§ **TASK INPUTS**

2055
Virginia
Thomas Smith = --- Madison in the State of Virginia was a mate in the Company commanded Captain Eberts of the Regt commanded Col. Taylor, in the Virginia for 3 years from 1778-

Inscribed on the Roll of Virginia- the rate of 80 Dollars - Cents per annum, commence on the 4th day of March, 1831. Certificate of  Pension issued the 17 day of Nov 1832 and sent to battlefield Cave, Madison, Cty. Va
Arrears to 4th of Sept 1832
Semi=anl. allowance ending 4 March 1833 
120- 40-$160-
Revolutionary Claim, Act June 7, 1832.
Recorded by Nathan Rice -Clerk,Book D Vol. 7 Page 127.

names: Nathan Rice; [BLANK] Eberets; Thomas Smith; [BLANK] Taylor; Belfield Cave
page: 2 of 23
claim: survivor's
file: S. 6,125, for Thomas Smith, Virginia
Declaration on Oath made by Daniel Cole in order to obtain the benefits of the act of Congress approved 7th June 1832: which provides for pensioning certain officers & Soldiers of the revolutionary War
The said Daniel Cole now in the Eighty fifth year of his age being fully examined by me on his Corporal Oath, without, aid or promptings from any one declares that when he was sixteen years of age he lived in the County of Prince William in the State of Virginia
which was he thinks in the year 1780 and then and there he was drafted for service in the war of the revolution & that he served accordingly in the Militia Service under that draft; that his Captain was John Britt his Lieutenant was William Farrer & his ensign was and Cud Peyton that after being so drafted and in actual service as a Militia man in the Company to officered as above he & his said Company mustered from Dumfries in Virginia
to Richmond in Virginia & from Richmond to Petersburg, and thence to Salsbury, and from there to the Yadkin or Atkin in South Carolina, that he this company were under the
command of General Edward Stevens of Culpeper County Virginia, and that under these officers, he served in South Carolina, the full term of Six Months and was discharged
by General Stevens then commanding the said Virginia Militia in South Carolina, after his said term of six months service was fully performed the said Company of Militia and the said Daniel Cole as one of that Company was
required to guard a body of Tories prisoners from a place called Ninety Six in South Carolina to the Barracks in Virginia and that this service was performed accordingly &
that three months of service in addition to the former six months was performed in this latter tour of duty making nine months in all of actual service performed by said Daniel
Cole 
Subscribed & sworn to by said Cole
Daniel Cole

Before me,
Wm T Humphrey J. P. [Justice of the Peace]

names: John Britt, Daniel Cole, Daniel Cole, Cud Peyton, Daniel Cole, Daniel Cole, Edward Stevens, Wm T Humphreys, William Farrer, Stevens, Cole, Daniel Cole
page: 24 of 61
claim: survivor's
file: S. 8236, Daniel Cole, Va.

§ **TASK DIRECTIONS**
Exactly as written, give the line containing "that three months" and all remaining lines of the records.

§ **TASK RESULT**
that three months of service in addition to the former six months was performed in this latter tour of duty making nine months in all of actual service performed by said Daniel
Cole 
Subscribed & sworn to by said Cole
Daniel Cole

Before me,
Wm T Humphrey J. P. [Justice of the Peace]

names: John Britt, Daniel Cole, Daniel Cole, Cud Peyton, Daniel Cole, Daniel Cole, Edward Stevens, Wm T Humphreys, William Farrer, Stevens, Cole, Daniel Cole
page: 24 of 61
claim: survivor's
file: S. 8236, Daniel Cole, Va.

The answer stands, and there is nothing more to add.